Legs Knocked From Under Political Corruption Trial

The federal judge in the bribery trial of Dallas County Commissioner John Wiley Price warned prosecutors Monday that she will probably take the rare step of dismissing most of the charges even if the jury convicts him.

DALLAS (CN) — The federal judge in the bribery trial of Dallas County Commissioner John Wiley Price warned prosecutors Monday that she will probably take the rare step of dismissing most of the charges even if the jury convicts him.

U.S. District Judge Barbara Lynn declined to dismiss any of the 11 charges against Price on Monday, but expressed concern that the prosecution failed to prove its case in six mail fraud charges.

Lynn said it is “virtually impossible” for the jury to convict him of mail fraud, as the prosecution did a poor job arguing use of the U.S. Postal Service in the alleged crimes.

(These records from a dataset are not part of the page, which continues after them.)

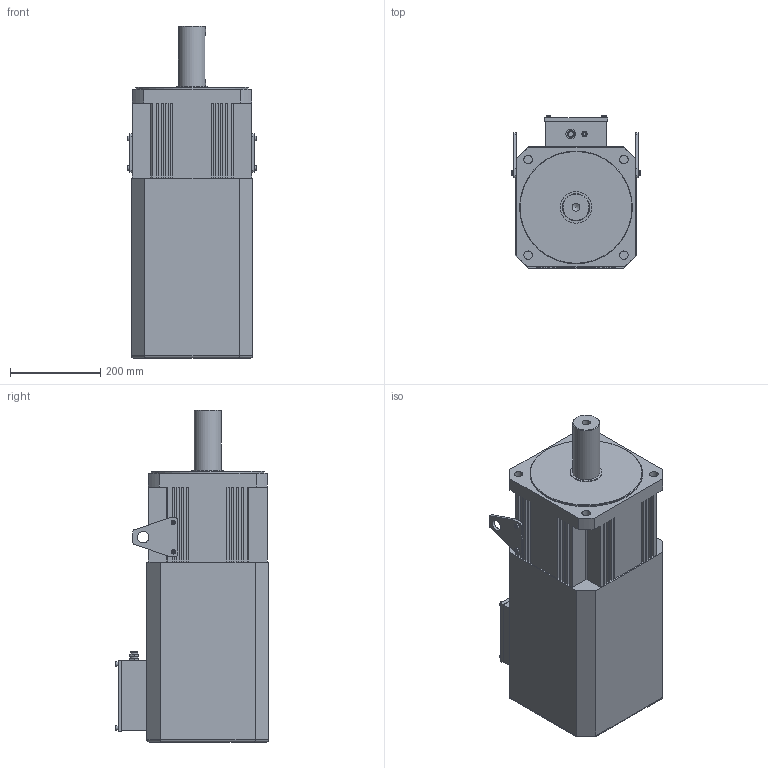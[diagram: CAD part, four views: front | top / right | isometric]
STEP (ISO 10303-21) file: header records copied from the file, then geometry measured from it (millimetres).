
FILE_DESCRIPTION (( 'STEP AP203' ), '1' );
FILE_NAME ('260SFM-EB8615-3B6.STEP', '2025-05-12T02:00:20', ( '¼¼Êõ03' ), ( 'HP Inc.' ), 'SwSTEP 2.0', 'SolidWorks 2020', '' );
FILE_SCHEMA (( 'CONFIG_CONTROL_DESIGN' ));
Length unit declared in the file: millimetre
Products named in the file (1): 260SFM-EB8615-3B6
Bounding box: 288 x 340 x 736 mm (x, y, z)
Volume: 42463865.7 mm3; surface area: 1150797.9 mm2
Topology: 15 solids, 15 shells, 486 faces, 1201 edges, 773 vertices
Faces by surface type: plane 357, cylinder 100, cone 19, torus 10
Full cylindrical faces by diameter (mm): 4.2 x4, 6 x9, 6.35 x4, 8 x1, 10 x10, 11.88 x8, 12 x2, 16 x2, 17.5 x1, 19 x4, 25.438 x2, 60 x1, 70 x1, 250 x1
Entity records: 13893 total; most frequent: CARTESIAN_POINT 2469, DIRECTION 2322, ORIENTED_EDGE 2216, EDGE_CURVE 1108, VECTOR 848, LINE 848, VERTEX_POINT 760, AXIS2_PLACEMENT_3D 737

She said she would not submit the mail fraud counts if they were the only charges filed.

“The chances are 99 percent that if the jury returns a guilty verdict on counts two through seven, this court is going to enter a judgment, notwithstanding the verdict, virtually immediately,” Lynn said.

Price was charged in July 2014 with conspiracy to commit bribery concerning a local government receiving federal benefits, conspiracy to defraud the IRS, six counts of deprivation of honest services by mail fraud, and three counts of subscribing to a false and fraudulent income tax return.

Prosecutors spent eight weeks telling the jury that Price, 66, pocketed more than $950,000 in cash, cars and real estate from political consultant Kathy Nealy in exchange for her clients’ bids for county contracts, and more than $200,000 in cash from a clothing store operated by Price’s assistant and co-defendant Dapheny Fain and an art gallery operated by his friend Karen Manning.

Fain is being tried alongside Price; Nealy will be tried separately.

Prosecutors say Price hid the bribes and failed to report them on state-mandated financial disclosure forms or in his federal tax returns.

Judge Lynn also expressed doubts about the conspiracy charges. She said prosecutors failed to establish a conspiracy took place, and failed to present evidence of a verbal or written agreement between Price and Nealy. She cited testimony that Price did not always vote in support of bids from Nealy’s clients.

Assistant U.S. Attorney Leigha Simonton said that alone does not disprove the existence of a conspiracy, but Lynn expressed concern that it would allow prosecutors to have a “long look backward” into Price’s entire political career, “without getting close to quid pro quo language.”

The prosecution has been dogged by at least three admitted failures to turn over evidence to the defense, failures that Lynn slammed as “terribly inappropriate and very disappointing.”

The mistakes have emboldened the defense, which declined to call Price to the stand and rested their case after calling only two witnesses last week.

Closing arguments were to begin Tuesday.